Turbulent structure in a turbulent scalar dispersion field behind a fine cylindrical heat source in a weakly sheared flow is experimentally investigated and previous computational turbulence models for third-order scalar transport terms in the second-order turbulence equations are assessed with the present data.
The mean temperature and r.m.s. temperature profiles are found to be almost Gaussian even in the uniform shear layer. Decay of the peak temperature, mean dispersion and half-widths of the mean temperature and the r.m.s. temperatures are well correlated with corresponding data on the scalar dispersion behind an elevated line heat source in the turbulent boundary layer.
Normalized streamwise heat flux $\overline{u\theta}$ changes appreciably with the downstream distance owing to the influence of the uniform mean shear, whereas normalized vertical heat flux $\overline{v\theta}$ remains the same with the downstream distance. The timescale ratio R between temperature and velocity fluctuations varies from 0.3 to 1.3 across the stream and it asymptotes to a value 0.5 at far downstream.

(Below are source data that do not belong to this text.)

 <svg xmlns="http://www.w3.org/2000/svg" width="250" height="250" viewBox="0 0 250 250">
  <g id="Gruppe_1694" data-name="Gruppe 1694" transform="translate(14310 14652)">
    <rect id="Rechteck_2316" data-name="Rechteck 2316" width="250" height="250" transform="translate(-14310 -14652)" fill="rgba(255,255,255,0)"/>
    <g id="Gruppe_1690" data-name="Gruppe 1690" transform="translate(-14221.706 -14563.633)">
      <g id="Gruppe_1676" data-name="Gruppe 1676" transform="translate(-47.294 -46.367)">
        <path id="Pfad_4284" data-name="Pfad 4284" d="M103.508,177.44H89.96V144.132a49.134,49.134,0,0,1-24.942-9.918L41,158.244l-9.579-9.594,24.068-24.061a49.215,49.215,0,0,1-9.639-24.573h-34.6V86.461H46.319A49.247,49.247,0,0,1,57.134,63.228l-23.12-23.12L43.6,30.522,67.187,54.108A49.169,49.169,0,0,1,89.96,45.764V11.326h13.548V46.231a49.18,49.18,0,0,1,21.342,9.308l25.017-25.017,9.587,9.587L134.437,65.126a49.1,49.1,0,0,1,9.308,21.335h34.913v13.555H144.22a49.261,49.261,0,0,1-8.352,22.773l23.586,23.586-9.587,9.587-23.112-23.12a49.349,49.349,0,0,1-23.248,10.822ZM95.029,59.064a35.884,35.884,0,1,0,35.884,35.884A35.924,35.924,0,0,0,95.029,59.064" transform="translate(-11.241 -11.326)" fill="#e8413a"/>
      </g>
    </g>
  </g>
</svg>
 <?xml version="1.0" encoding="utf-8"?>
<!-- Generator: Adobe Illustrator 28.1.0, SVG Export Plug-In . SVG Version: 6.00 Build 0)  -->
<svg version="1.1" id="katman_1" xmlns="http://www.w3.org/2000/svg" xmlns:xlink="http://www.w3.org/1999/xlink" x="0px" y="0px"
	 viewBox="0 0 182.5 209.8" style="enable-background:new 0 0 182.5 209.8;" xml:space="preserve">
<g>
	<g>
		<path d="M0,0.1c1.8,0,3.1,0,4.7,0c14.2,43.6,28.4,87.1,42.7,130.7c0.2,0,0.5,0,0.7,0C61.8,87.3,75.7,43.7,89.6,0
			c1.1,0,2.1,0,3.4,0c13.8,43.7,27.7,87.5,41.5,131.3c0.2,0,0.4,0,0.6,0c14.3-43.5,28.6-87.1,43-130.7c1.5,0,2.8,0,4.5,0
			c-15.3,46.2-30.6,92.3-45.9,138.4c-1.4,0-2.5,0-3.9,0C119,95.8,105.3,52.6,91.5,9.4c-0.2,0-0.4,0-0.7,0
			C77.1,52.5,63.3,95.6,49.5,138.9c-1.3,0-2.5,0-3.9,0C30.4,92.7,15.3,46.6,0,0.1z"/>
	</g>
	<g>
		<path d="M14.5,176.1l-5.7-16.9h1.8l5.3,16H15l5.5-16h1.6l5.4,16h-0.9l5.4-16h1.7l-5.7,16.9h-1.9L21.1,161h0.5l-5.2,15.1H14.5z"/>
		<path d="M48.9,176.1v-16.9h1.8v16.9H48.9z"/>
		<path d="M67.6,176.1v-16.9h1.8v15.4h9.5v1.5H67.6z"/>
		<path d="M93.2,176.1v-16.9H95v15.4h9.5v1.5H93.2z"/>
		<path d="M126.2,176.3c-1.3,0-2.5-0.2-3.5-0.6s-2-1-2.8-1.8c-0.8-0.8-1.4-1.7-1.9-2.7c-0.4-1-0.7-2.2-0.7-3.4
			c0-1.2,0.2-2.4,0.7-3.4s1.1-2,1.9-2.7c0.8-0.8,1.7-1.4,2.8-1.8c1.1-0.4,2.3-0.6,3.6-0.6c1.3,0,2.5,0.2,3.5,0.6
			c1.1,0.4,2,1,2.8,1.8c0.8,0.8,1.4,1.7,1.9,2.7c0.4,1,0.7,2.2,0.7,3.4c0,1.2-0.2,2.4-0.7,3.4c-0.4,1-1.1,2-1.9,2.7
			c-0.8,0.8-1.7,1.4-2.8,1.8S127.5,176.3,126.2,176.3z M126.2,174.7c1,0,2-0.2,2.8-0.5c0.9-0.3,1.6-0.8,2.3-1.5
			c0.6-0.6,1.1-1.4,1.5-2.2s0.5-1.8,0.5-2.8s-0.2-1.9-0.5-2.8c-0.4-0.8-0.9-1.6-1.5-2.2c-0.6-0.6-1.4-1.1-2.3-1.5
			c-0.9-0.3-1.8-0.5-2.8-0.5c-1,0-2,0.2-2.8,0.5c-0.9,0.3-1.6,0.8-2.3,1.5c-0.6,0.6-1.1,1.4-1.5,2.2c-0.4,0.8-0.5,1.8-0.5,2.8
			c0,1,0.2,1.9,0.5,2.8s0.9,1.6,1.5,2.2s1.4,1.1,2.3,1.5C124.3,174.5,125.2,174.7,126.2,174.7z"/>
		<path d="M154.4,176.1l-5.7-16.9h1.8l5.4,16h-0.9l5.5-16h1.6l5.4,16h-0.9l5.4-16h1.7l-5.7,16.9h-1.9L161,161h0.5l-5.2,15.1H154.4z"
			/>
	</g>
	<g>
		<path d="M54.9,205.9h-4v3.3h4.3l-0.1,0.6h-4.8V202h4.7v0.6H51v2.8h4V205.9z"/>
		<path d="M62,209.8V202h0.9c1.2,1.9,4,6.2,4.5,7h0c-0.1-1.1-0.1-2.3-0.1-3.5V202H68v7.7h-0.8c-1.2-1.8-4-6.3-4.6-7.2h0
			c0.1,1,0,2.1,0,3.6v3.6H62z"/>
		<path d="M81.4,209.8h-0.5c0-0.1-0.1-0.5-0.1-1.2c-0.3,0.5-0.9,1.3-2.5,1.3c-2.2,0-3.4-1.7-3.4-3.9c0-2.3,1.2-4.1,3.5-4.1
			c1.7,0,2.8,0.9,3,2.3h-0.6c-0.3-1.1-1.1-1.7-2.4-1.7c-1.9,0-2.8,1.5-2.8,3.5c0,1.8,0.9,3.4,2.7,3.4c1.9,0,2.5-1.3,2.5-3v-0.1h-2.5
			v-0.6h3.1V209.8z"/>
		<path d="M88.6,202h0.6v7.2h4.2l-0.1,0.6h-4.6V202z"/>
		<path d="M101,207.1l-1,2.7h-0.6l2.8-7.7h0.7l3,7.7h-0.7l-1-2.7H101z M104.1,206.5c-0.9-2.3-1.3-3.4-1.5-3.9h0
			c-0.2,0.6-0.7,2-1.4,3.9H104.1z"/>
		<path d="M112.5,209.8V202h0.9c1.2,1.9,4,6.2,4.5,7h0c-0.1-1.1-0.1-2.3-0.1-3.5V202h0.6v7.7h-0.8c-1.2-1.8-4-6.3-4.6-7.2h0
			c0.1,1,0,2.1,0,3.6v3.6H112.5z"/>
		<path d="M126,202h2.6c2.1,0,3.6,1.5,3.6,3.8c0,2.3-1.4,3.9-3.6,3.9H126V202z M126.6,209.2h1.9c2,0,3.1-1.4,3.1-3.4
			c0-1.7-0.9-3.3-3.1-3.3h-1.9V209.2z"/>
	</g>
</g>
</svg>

Assessment of previous models for third-order moments with the present data reveals that application of a composite timescale between the dynamic timescale and the thermal timescale to the simplest gradient transport model yields a better overall prediction performance than any existing models, including Lumley's algebraic model equations for the moments. It was found that the timescale for the streamwise transports of $\overline{u\theta}$ and $\overline{\theta^2}$ is larger than that of lateral transports of $\overline{v\theta}$ and $\overline{\theta^2}$.
In addition, since the experiment isolates the effect of uniform mean shear on the turbulent scalar transport, experimental data accumulated by the present study will be useful for further development of more refined second-order turbulence models for non-isothermal turbulent flows.